## WORK TASK
If an entry holds a picture, leave the picture out and copy the rest exactly.

## DATA RECORDS

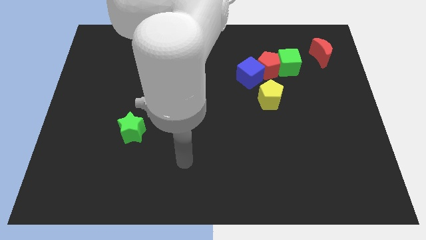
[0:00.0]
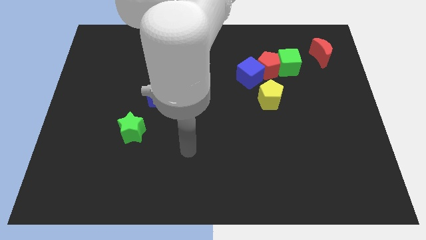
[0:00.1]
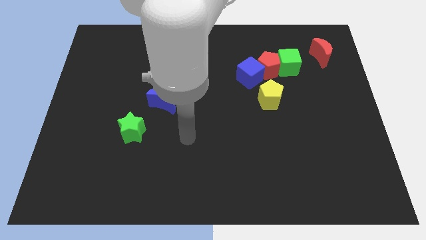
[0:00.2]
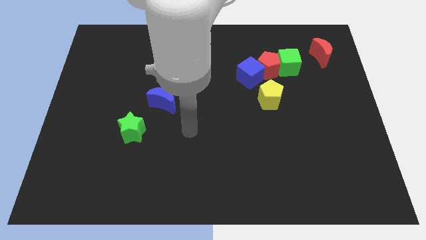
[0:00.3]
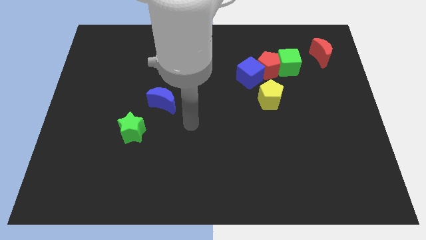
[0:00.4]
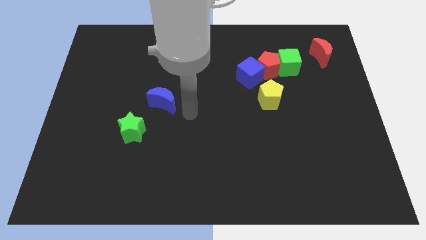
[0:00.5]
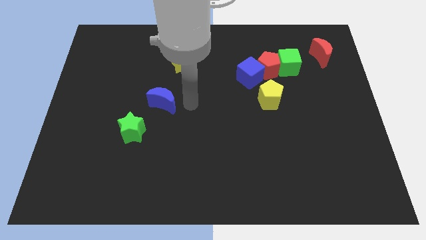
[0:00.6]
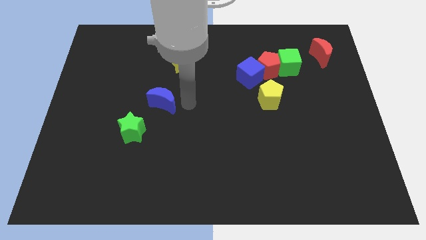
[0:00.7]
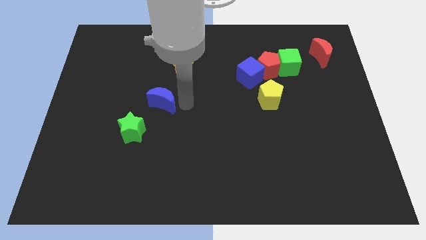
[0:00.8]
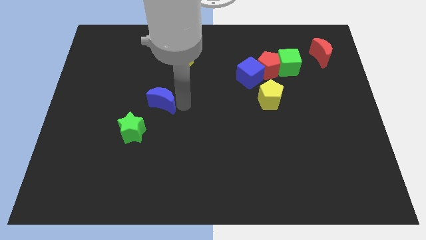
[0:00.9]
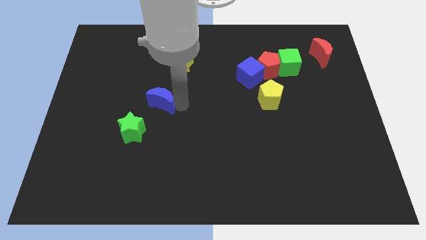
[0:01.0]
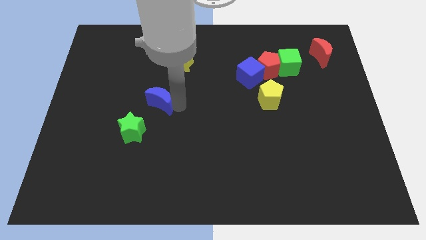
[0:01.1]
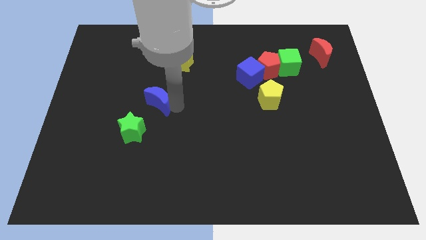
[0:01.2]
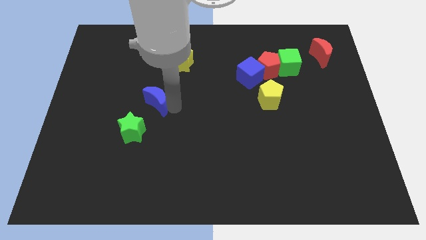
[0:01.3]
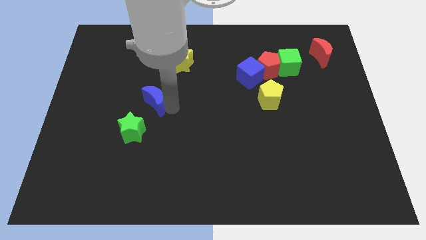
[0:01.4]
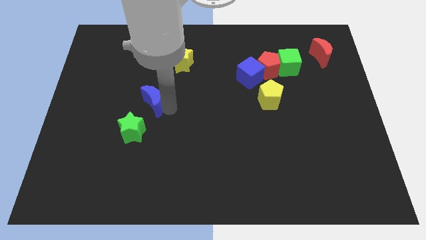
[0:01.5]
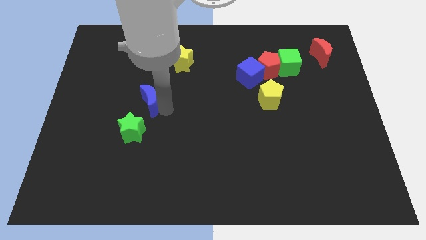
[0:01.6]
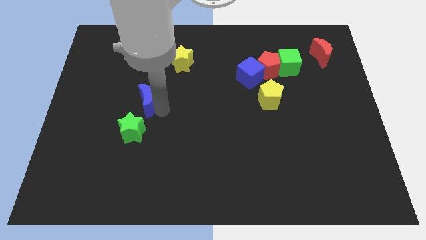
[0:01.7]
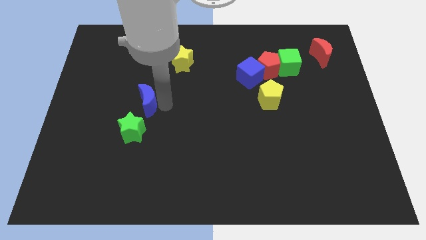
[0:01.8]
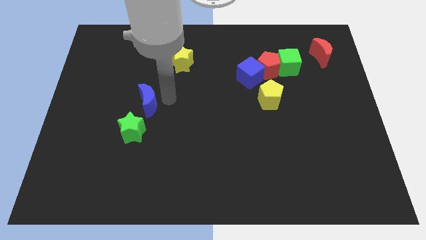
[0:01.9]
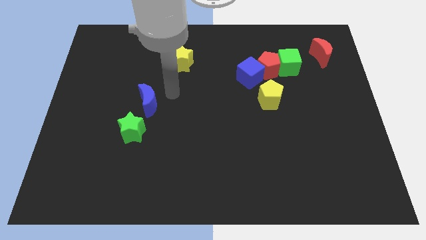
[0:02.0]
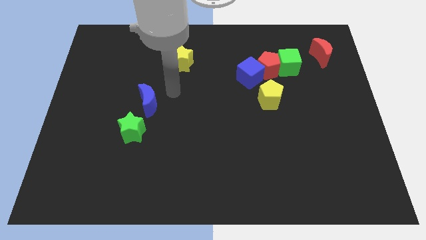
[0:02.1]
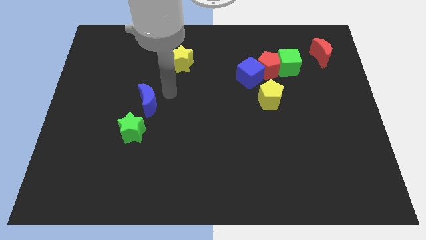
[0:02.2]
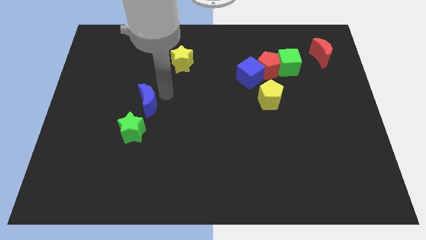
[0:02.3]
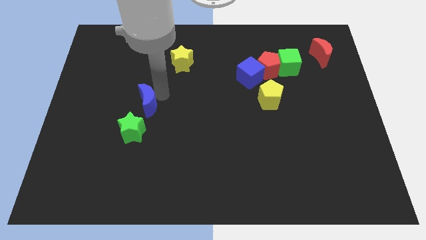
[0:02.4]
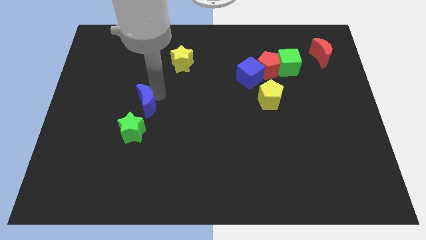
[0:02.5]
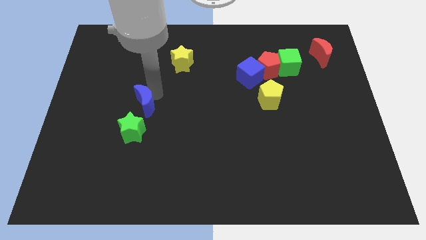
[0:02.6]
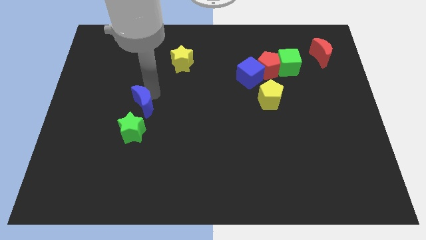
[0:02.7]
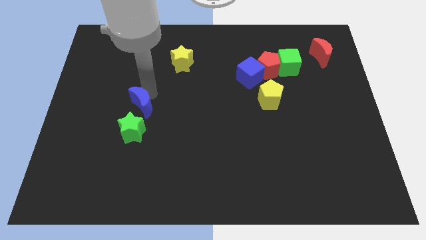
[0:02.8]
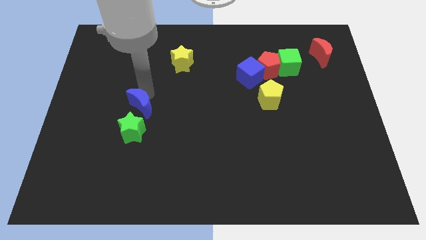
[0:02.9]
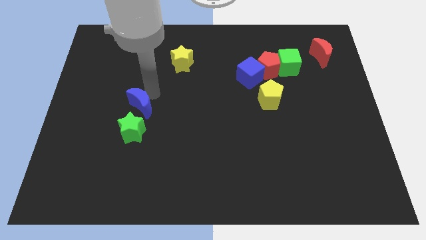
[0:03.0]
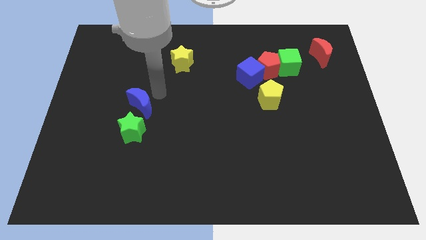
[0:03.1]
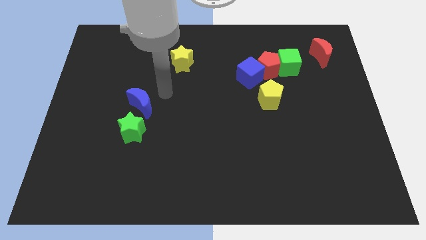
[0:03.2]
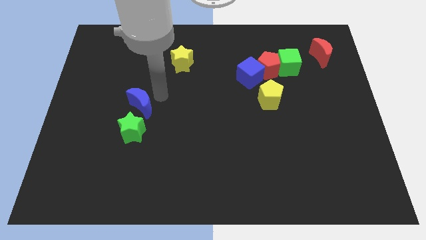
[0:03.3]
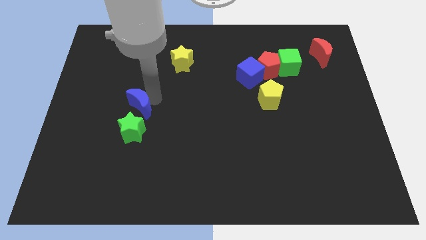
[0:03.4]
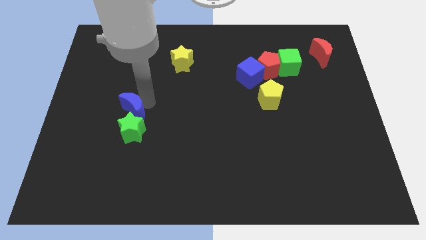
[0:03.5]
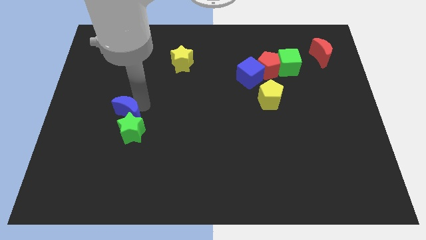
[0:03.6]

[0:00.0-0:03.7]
slide the blue moon diagonally downwards and left slightly

## EXERCISE SOLUTION
[0:00.0]
[0:00.1]
[0:00.2]
[0:00.3]
[0:00.4]
[0:00.5]
[0:00.6]
[0:00.7]
[0:00.8]
[0:00.9]
[0:01.0]
[0:01.1]
[0:01.2]
[0:01.3]
[0:01.4]
[0:01.5]
[0:01.6]
[0:01.7]
[0:01.8]
[0:01.9]
[0:02.0]
[0:02.1]
[0:02.2]
[0:02.3]
[0:02.4]
[0:02.5]
[0:02.6]
[0:02.7]
[0:02.8]
[0:02.9]
[0:03.0]
[0:03.1]
[0:03.2]
[0:03.3]
[0:03.4]
[0:03.5]
[0:03.6]

[0:00.0-0:03.7]
slide the blue moon diagonally downwards and left slightly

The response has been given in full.